Le Premier ministre a donc demandé aux ministres concernés de « dilater le calendrier »  pour essayer d’aboutir « en mai ou juin ». Ce qui, concrètement, signifie que l’augmentation de la taxe foncière concoctée par Bercy n’entrera pas en vigueur, comme il était initialement prévu, dès 2026.

Bases locatives « caduques » 

À plus long terme, le Premier ministre souhaite – il n’est pas le premier – engager une profonde réforme du calcul des bases locatives, élaborées « en 1959 », a-t-il rappelé, et aujourd’hui « caduques ». « Sauf que cela fait 10 ans qu’on dit que c’est caduc et 10 ans qu’on ne réforme pas, parce que c’est épouvantablement technique », a ajouté Sébastien Lecornu. Il propose donc « d’amorcer quelque chose », en veillant à « protéger les élus et leur pouvoir de taux, à la hausse comme à la baisse », au nom de « la liberté locale et de la liberté fiscale ». 

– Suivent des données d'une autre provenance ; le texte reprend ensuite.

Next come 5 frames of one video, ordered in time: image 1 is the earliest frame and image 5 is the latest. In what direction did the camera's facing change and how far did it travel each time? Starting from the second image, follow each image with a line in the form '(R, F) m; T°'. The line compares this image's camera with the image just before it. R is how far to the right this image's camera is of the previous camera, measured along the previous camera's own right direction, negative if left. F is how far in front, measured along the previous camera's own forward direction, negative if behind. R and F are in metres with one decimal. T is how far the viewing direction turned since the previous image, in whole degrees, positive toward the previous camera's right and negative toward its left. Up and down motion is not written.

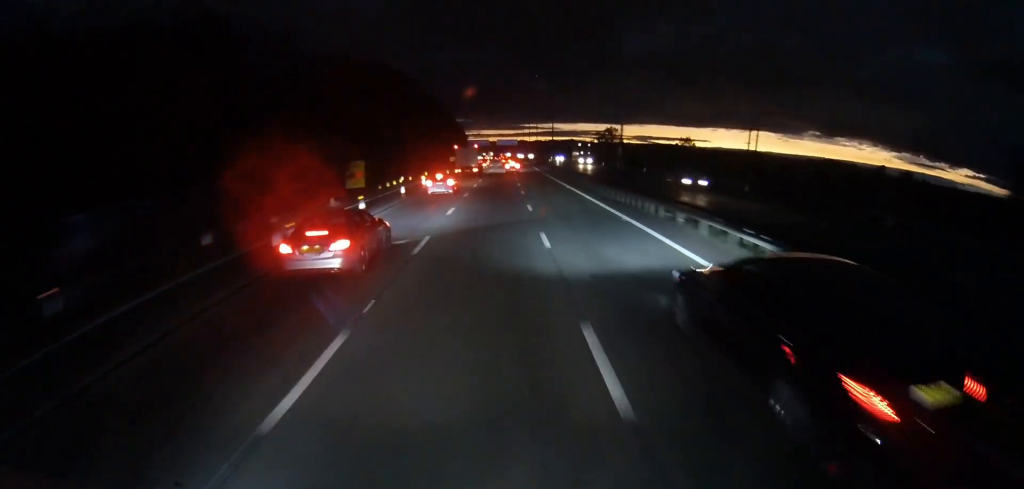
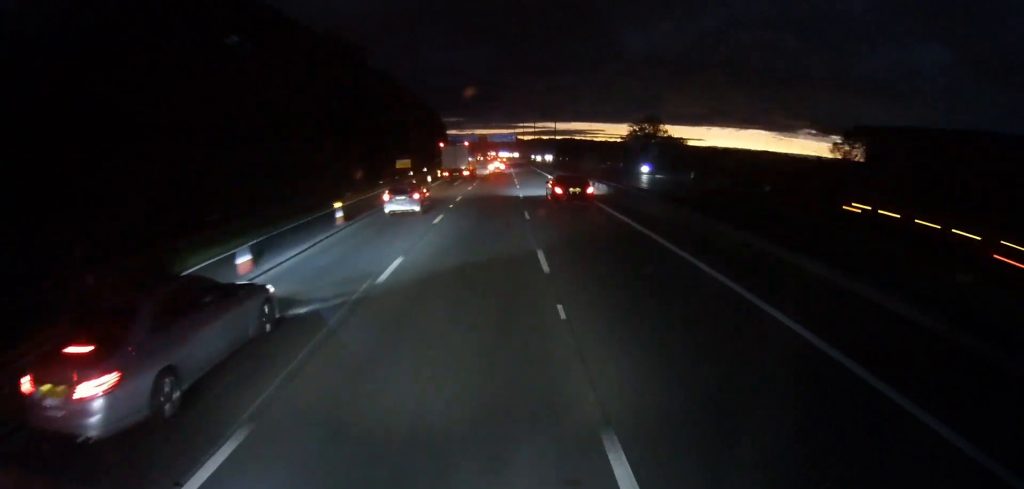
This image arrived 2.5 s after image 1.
(+3.2, +57.7) m; +3°
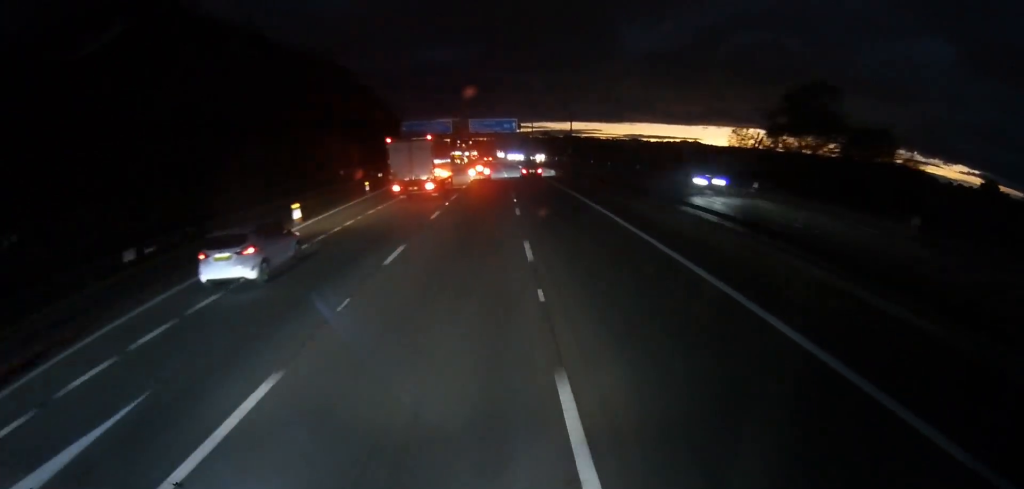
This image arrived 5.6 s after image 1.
(-3.6, +71.4) m; -3°
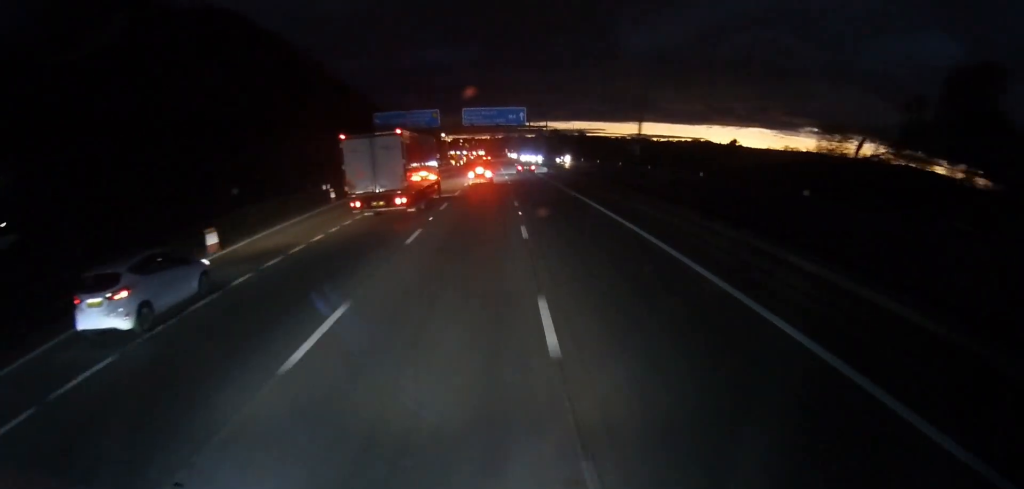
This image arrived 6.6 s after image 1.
(+0.6, +23.5) m; +1°
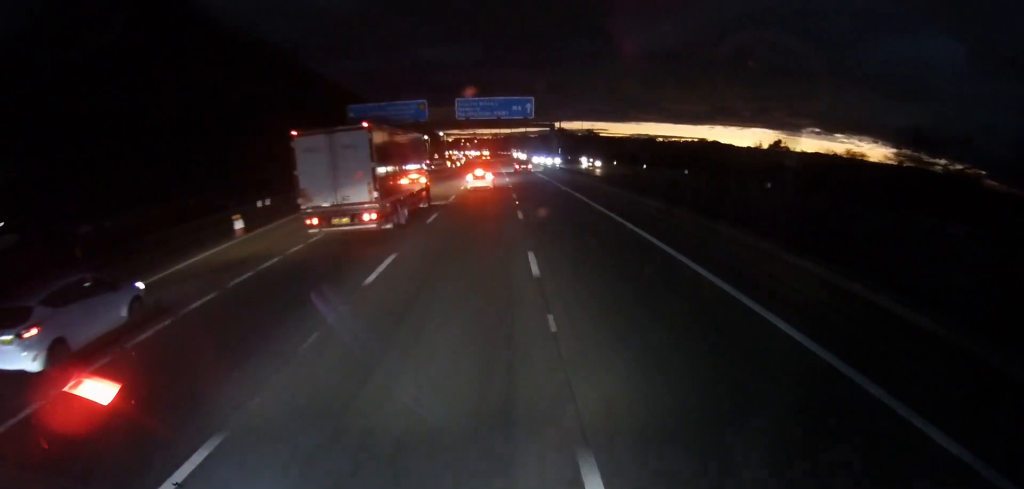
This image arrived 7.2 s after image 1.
(-0.1, +13.6) m; 0°

Une déclaration d’intention qui va dans le sens de ce qu’a encore rappelé l’AMF pendant tout son congrès de la semaine dernière, et qui ferait presque oublier que Sébastien Lecornu est membre, depuis 2017, de tous les gouvernements depuis l’accession au pouvoir d’Emmanuel Macron – et qui ont, peut-être encore plus que les précédents, tout fait pour réduire à presque rien la « liberté locale et la liberté de taux »  des maires en transformant toujours plus d’impôts locaux en compensations distribuées par l’État. 

Ces déclarations amorcent-elles un vrai changement de cap ? Les discussions qui vont s’ouvrir entre gouvernement et associations d’élus permettront sans doute de le savoir très vite. Mais le fait que le Premier ministre, dans son discours de clôture du congrès de l’AMF, ne soit d’aucune façon revenu sur les ponctions annoncées dans le cadre du projet de loi de finances pour 2026 n’augure rien de bon.